Саманта же попросту отвернулась и сразу заснула, как будто просыпалась, чтобы выпить стакан воды.
Ничего себе! Я тихо лежал, медленно приходя в себя.
Как видите, я не ошибся тогда про складку на ее нижней губе. Собственно, я не ошибся ни в чем касательно моей безумной затеи. Полный триумф! Я лежал в состоянии блаженного полузабытья.
Интересно, который час? У меня не было подсветки на часах. Лучше, пожалуй, не задерживаться. Я сполз с постели и с меньшими предосторожностями, чем раньше, побрел на выход - вокруг кровати, в коридор, вниз по лестнице, к двери. Вот плащ и шлепанцы. В кармане плаща лежала зажигалка. При язычке пламени я посмотрел - без восьми два. Позже, чем я предполагал. Я открыл дверь и вышел в черную ночь.
Теперь я начал думать про Джерри. Как там он со всем справился? Выбрался благополучно? В кромешной тьме я подошел к проему в зеленой изгороди.
- Привет! - шепнул голос рядом со мной.
- Джерри!
- Все нормально? - спросил Джерри.
- Фантастически, - ответил я, - грандиозно!
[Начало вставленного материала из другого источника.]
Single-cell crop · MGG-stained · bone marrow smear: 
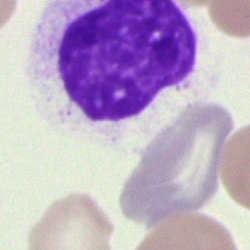

Specimen: bone marrow smear.
Cell type: artefact.
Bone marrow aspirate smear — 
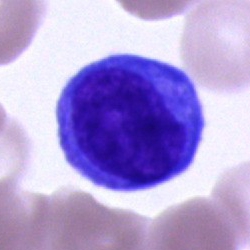
Single cell identified as an undifferentiated blast.

А у тебя?
- Тоже, - сказал он, и в темноте сверкнула его белозубая ухмылка. - Ай да мы, - шептал он, придерживая меня за локоть. - Вик, ты был прав, все сработало без единой задоринки! Классная штука!
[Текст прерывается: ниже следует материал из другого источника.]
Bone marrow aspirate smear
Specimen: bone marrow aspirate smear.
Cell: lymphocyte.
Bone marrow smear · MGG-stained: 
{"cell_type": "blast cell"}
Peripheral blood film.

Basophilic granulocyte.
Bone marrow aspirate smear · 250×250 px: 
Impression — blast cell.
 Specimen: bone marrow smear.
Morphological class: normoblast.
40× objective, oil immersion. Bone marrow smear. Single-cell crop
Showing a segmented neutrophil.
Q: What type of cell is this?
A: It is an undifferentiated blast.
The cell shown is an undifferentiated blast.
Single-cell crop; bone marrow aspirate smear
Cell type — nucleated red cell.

- До завтра, - оборвал я его. - Ступай к себе.
Мы разошлись в противоположных направлениях. Я вошел в свой дом и через три минуты уже был в своей постели рядом со своей крепко спящей женой.
Наутро было воскресенье. В половине девятого я спустился в пижаме и халате, чтобы приготовить завтрак для всей семьи. Мальчики - девятилетний Виктор и семилетний Уолли - ждали меня внизу.
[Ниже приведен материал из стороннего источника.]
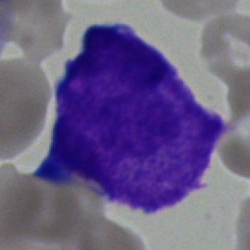 Single-cell crop from a bone marrow smear: blast cell.
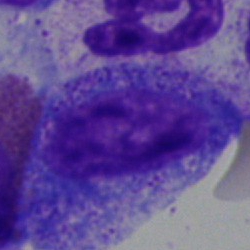 Specimen: bone marrow smear.
Morphological class: progranulocyte.
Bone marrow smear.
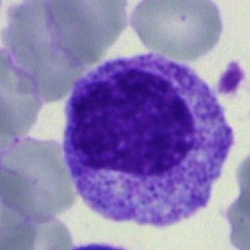
The classification is myelocyte.
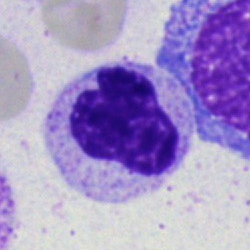

Showing a band-form neutrophil.

- Привет, пап, - сказал Уолли.
- Сегодня будет потрясающий, небывалый завтрак, - провозгласил я. - Мы поджарим ломтики хлеба с маслом и апельсиновым мармеладом, а сверху положим тонко нарезанный, поджаренный до хруста бекон.
- Бекон?! С мармеладом?!
- Да-да. Попробуй - узнаешь, до чего вкусно.
Выжав два стакана грейпфрутового сока, я выпил и сделал еще один для Мери, когда проснется, включил чайник, положил в тостер хлеб и начал нарезать бекон. В этот момент сверху спустилась Мери в полупрозрачном оранжевом пеньюаре, небрежно накинутом поверх ночной рубашки.
- Доброе утро, - сказал я через плечо, не выпуская из руки сковородку.
Она, не ответив, молча прошла к своему стулу, села и отхлебнула сок, не глядя ни на меня, ни на мальчиков. Я жарил бекон.
- Привет, мам, - сказал Уолли.
Она не откликнулась.
Меня начало мутить от запаха горящего жира.
- Налей мне кофе, - произнесла Мери, глядя прямо перед собой, незнакомым голосом.
- Сейчас.
Я снял сковороду с огня, сделал чашку растворимого кофе без молока и поставил перед ней.
- Дети, - сказала она, - пойдите в вашу комнату с книжками, почитайте до завтрака.
- Но почему? - спросил Виктор.
- Потому что я так хочу.
- Мы в чем-нибудь провинились? - спросил Уолли.
- Нет, дорогой, просто я хочу поговорить с папой.
Я сжался в комок и захотел раствориться в воздухе или сорваться с места, выбежать на улицу и спрятаться в кустах.
- Вик, налей себе кофе и сядь.
Ее голос звучал безжизненно, в нем не было сердитого выражения и вообще ничего не было. Она ни разу не посмотрела на меня. Мальчики вышли, захватив два комикса.
- Закройте дверь, - сказала Мери им вслед.